Please reproduce the listing in its entirety, exactly as written, but without images.

» RECORDED INFORMATION:
BEGIN
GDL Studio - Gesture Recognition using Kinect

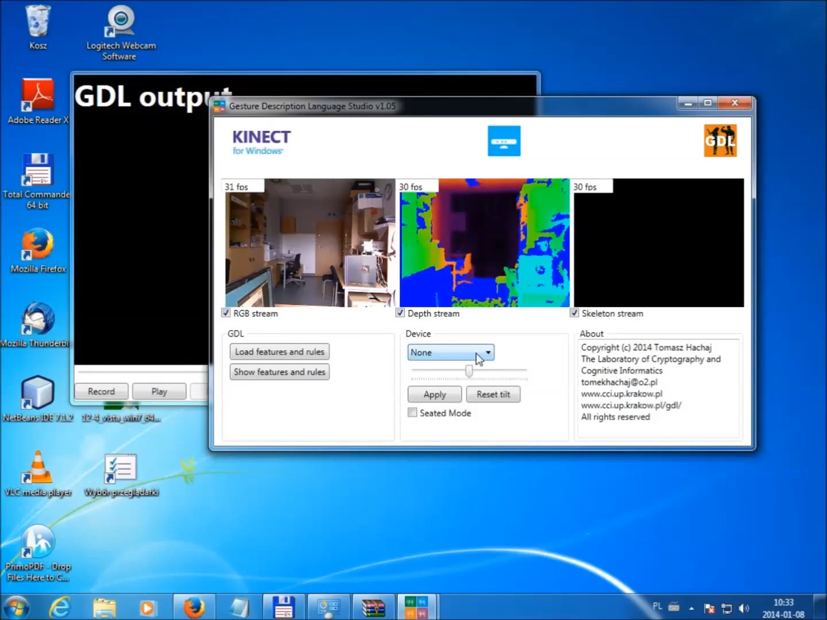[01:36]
There are also basic configurations. In the second window tracked skeleton and gesture names are displayed.
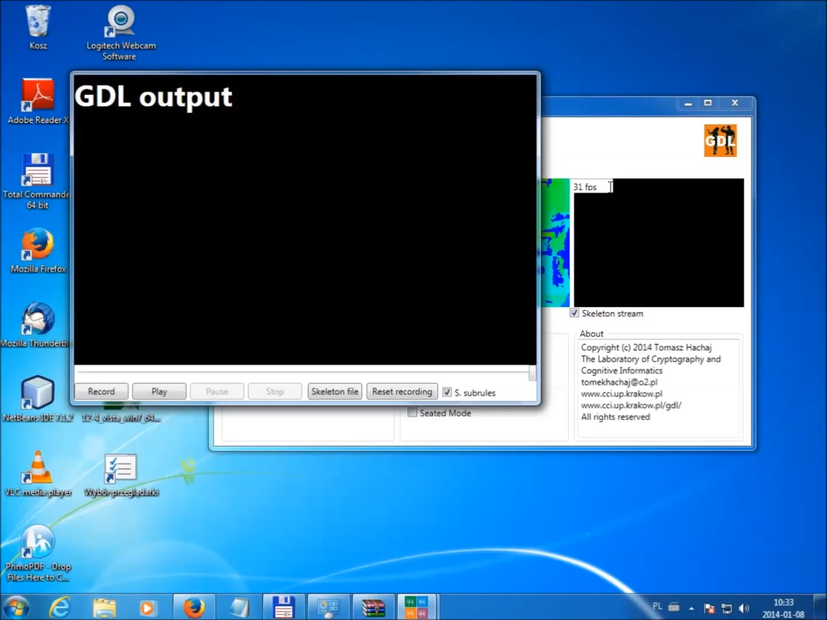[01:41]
Now I switch RGB camera display to be shown as a background in the second window.
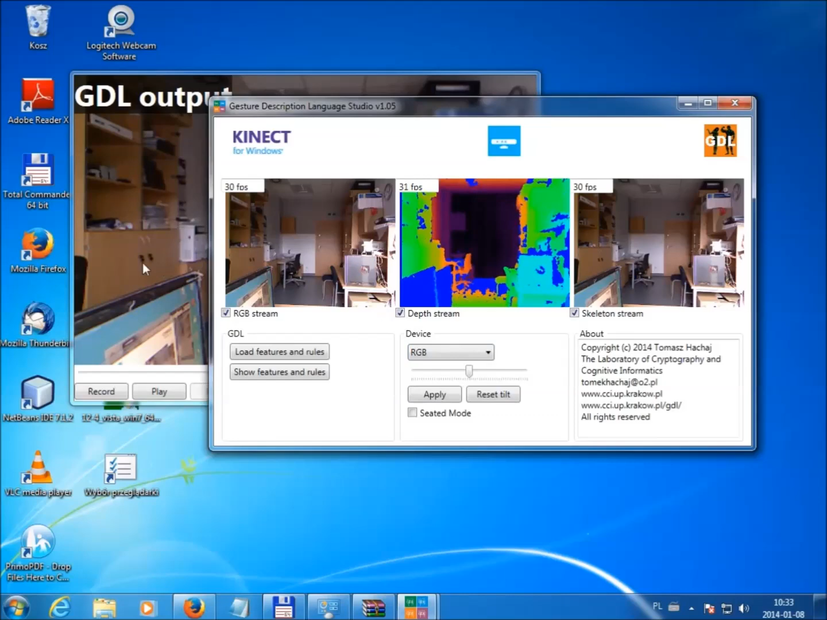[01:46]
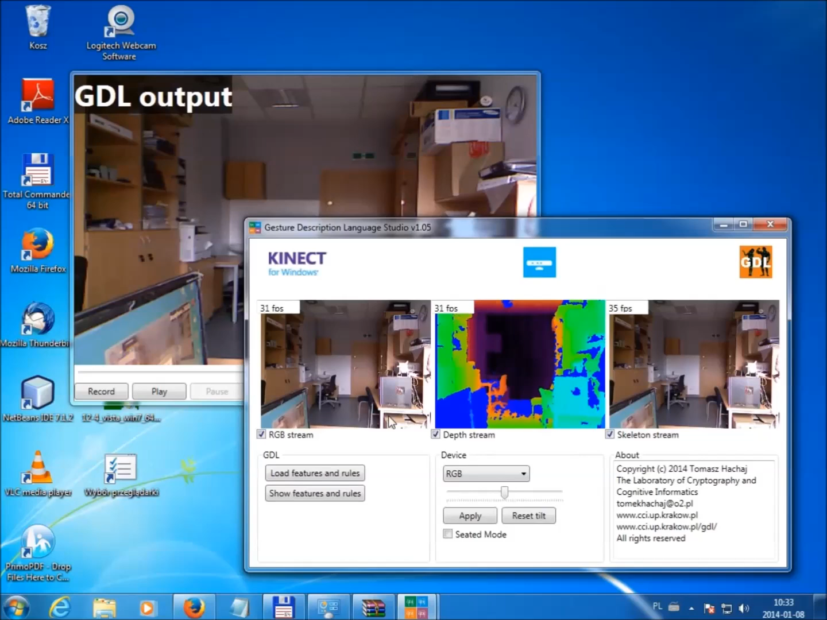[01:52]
Then I load definitions of gestures I want to recognize from GDL script file.
END
» SOLUTION FOR THIS TASK:
GDL Studio - Gesture Recognition using Kinect

[01:36]
There are also basic configurations. In the second window tracked skeleton and gesture names are displayed.
[01:41]
Now I switch RGB camera display to be shown as a background in the second window.
[01:46]
[01:52]
Then I load definitions of gestures I want to recognize from GDL script file.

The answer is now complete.